The front of the house on May 9th before I planted some flowers.

It was a surprise what would spring up in spring. This is May 9th before I did a bit of planting.

Kaede likes to supervise the weed pulling and planting.

And here we have the results, from 9th May to 31st May. What a difference a few weeks can make in the life of a pansy.





MOTHER'S DAY
May is also the month in which Mother's Day is celebrated. The second Sunday of May people all over Canada celebrate their mothers with phone calls and usually flowers or a nice lunch. This year Erik and I got to celebrate with quite a few mothers as Erik played music for a Mother's Day Tea at one of the seniors' homes here on the island. Sandwiches, tea and sweets were served followed by a beautiful sheet cake proclaiming Happy Mothers' Day. The cake was ceremoniously cut by a woman who was celebrating her 98th birthday that week. Families were in attendance and there was a lively atmosphere as Erik sang and played his keyboard to entertain them.

In keeping with the theme of Mothers' Day, Erik searched for songs with a motherly theme and came up with mostly Irish songs that were dedicated to mothers, like A Mother's Love, An Irish Lullaby, My Mother's Eyes and a few old standards. I watched the people and listened to the buzz of the conversations taking place at the tables. At a table near to where I was sat a woman of about 60 with her mother. The interaction between them was beautiful to see. The younger of the two didn't waiver from looking at her mother in admiration. The resident also knew every single song that Erik played and sang along with a look of absolute rapture on her face. The woman was born in Cape Breton and her particular favourite is Song for the Mira which Erik plays for her each time we visit there.
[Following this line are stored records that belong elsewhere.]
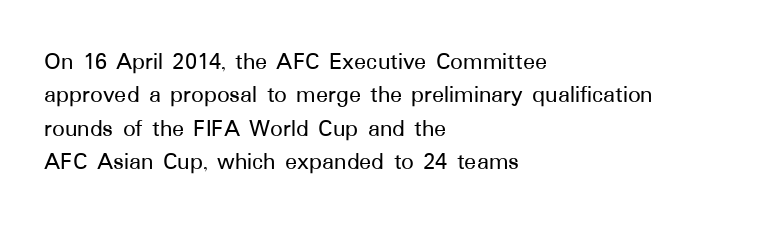
Q: Is the text italic (slanted)? A: No, it is upright.
Q: Is the text underlined? A: No.
Q: How is the paragraph aligned? A: Left-aligned.
Q: Is the spacing between letters normal or unusually wide? A: Normal.
Q: Is the spacing between lines tight, normal or loose? A: Normal.
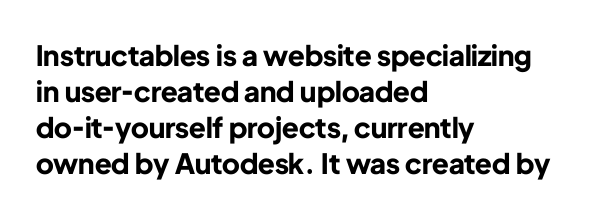
{"serif": "no", "italic": "no", "bold": "yes", "weight": "bold", "width": "normal", "stroke_contrast": "low", "x_height": "medium", "monospaced": "no", "underline": "no", "align": "left", "line_spacing": "normal", "line_spacing_ratio": 1.29, "letter_spacing": "normal", "letter_spacing_em": 0.0, "glyph_px": 28}
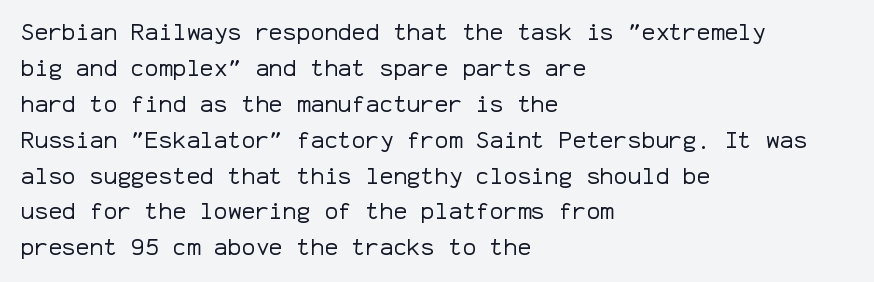
The foot of each line stays bare and open. It's the straight-up-and-down kind of type. The gaps between neighbouring characters are ordinary and unremarkable. A normal amount of white space separates one row of letters from the next. Typeset ragged right — the left edge is the straight one. Is the stroke heavy? The answer is a plain regular-or-lighter.
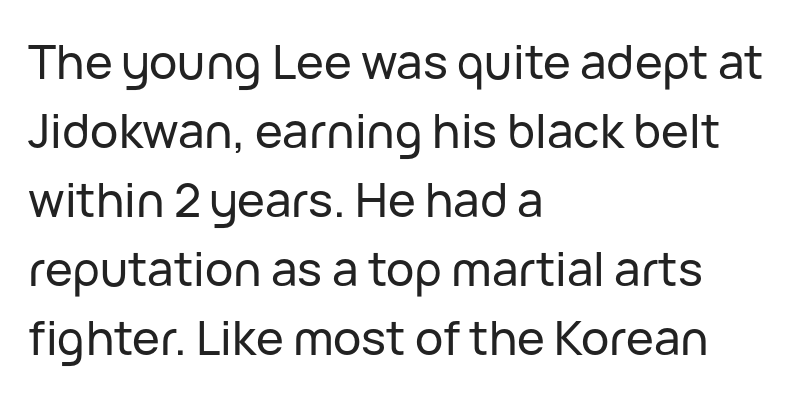
Reading down the block, your eye returns to a fixed left position each line. Descenders hang freely into open space. Compared with typical paragraphs, the rows here are spaced about the same. Do the characters align in a grid? No, the font is proportional.
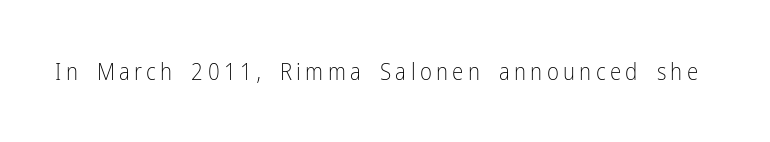
Q: Is the text bold? A: No.
Q: Is the text italic (slanted)? A: No, it is upright.
Q: Is the text underlined? A: No.
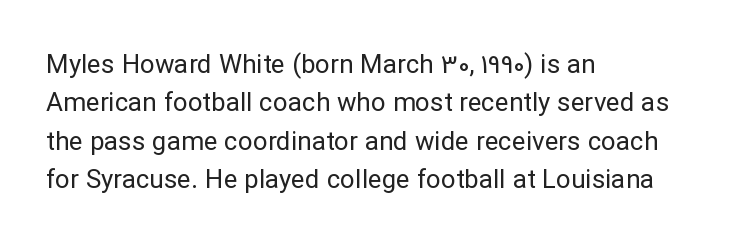
Leftover space on each line is placed entirely after the last word. The font sits on the lighter half of the weight spectrum, regular included. Here the glyphs are tracked normally, forming tight word shapes. Evenly set lines give the paragraph a standard silhouette. The area under the type is left untouched. The letters stand upright; this is a roman face.
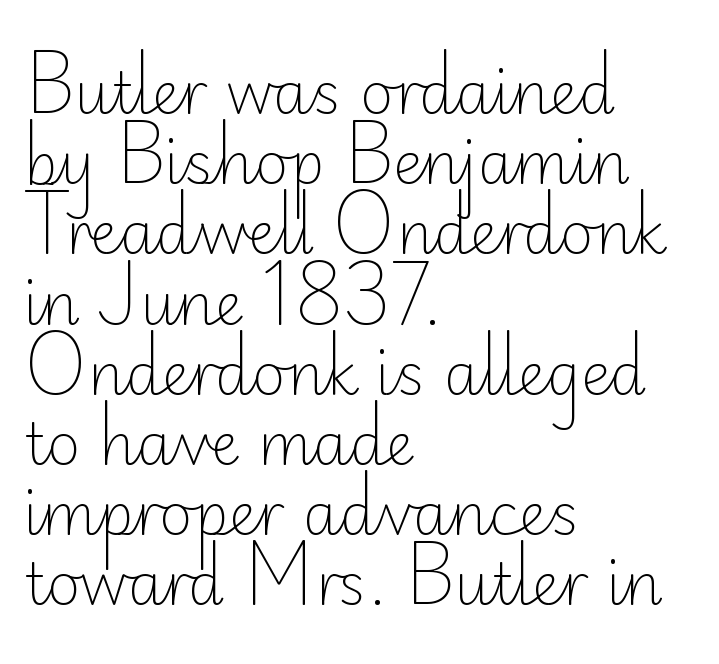
The image shows 58 px light sans-serif type, upright; set left-aligned, line spacing 1.21x, normal letter spacing, not underlined; low stroke contrast and a small x-height.
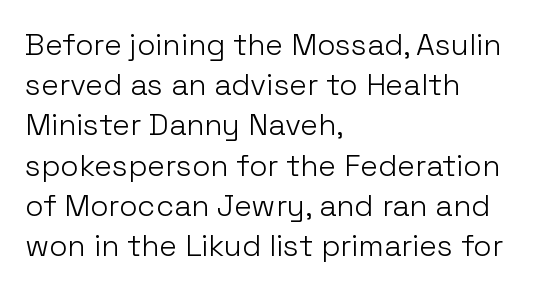
Q: Is the text bold? A: No.
Q: Is the text italic (slanted)? A: No, it is upright.
Q: Is the typeface a serif or a sans-serif typeface? A: Sans-serif.
Q: Is the text underlined? A: No.
Q: How is the paragraph aligned? A: Left-aligned.
Q: Is the spacing between letters normal or unusually wide? A: Normal.
Q: Is the spacing between lines tight, normal or loose? A: Normal.
Q: Width (condensed, normal, or wide)? A: Normal.
Q: Stroke contrast? A: Low.
Q: x-height? A: Medium.
Q: Monospaced? A: No.
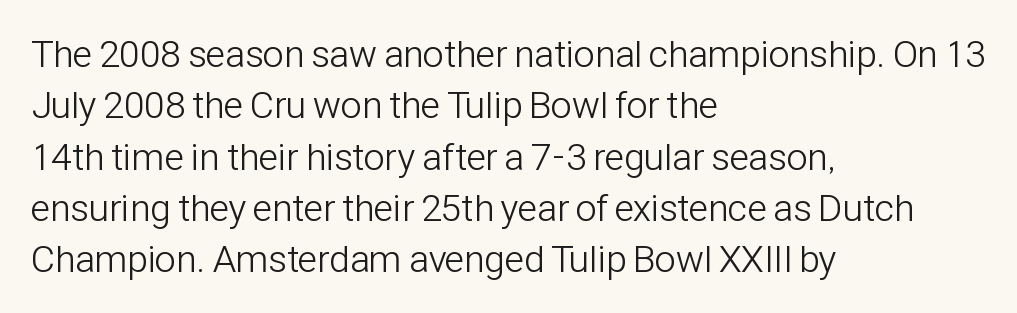
{"serif": "no", "italic": "no", "bold": "no", "weight": "light", "width": "condensed", "stroke_contrast": "low", "x_height": "medium", "monospaced": "no", "underline": "no", "align": "left", "line_spacing": "normal", "line_spacing_ratio": 1.35, "letter_spacing": "normal", "letter_spacing_em": 0.0, "glyph_px": 38}
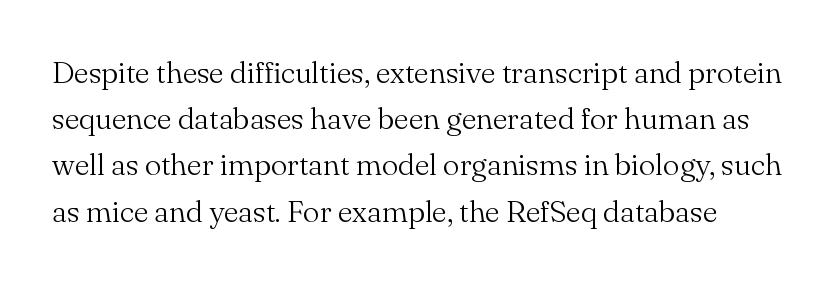
Q: Is the text bold? A: No.
Q: Is the text italic (slanted)? A: No, it is upright.
Q: Is the typeface a serif or a sans-serif typeface? A: Serif.
Q: Is the text underlined? A: No.
Q: Is the spacing between letters normal or unusually wide? A: Normal.
Q: Is the spacing between lines tight, normal or loose? A: Normal.
Q: Width (condensed, normal, or wide)? A: Normal.
Q: Stroke contrast? A: Medium.
Q: x-height? A: Small.
Q: Monospaced? A: No.
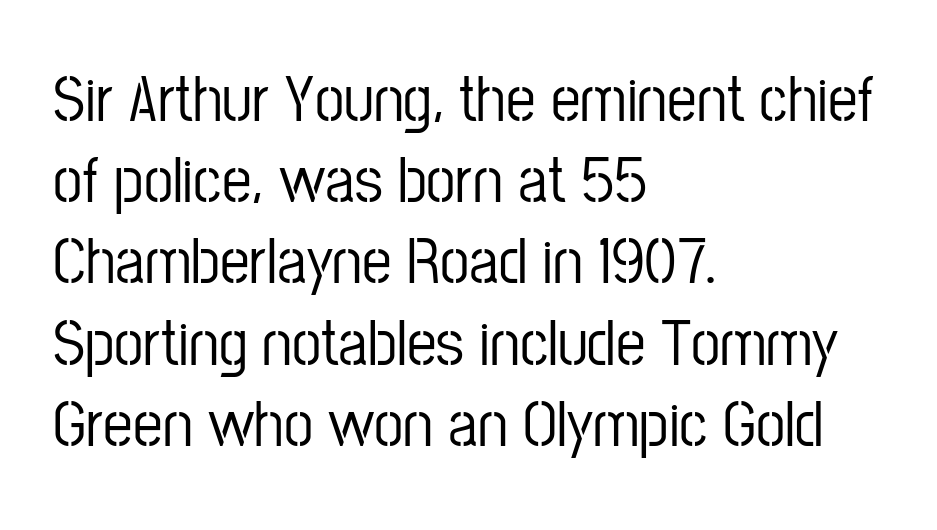
The image shows 66 px condensed sans-serif type, upright; set left-aligned, line spacing 1.23x, normal letter spacing, not underlined; low stroke contrast and a medium x-height.

Singing along with every song.

Some of the residents and their families.


Erik on the keyboard singing, playing and entertaining.
MAY AT THE BEACH
We discovered a beach not ten minutes away. The one we were going to stopped allowing dogs the beginning of April but this one is dog friendly year round. It's a secluded and pretty little harbour at Tracadie with fine sand and a plethora of little washed up crabs on the beach. 

A very warm but misty morning at Tracadie Harbour.


Across from the bach a little bar of sand.

All that black is not all seaweed. It's a school of tiny little fish.

Kaede's first swim of the season.
MAY YOU ALWAYS HAVE LOBSTER
A happy surprise. A barbeque of something boring turned into a feast of lobster. Coming home one day Erik stopped at a little fish shop we used to see when still renting up in Stanley Bridge. Of course he popped in to check it out for future reference and came home with these two beauties and some fresh oysters. 
Gotta' love the Maritimes and you gotta' love a man who brings home lobster and oysters for no reason.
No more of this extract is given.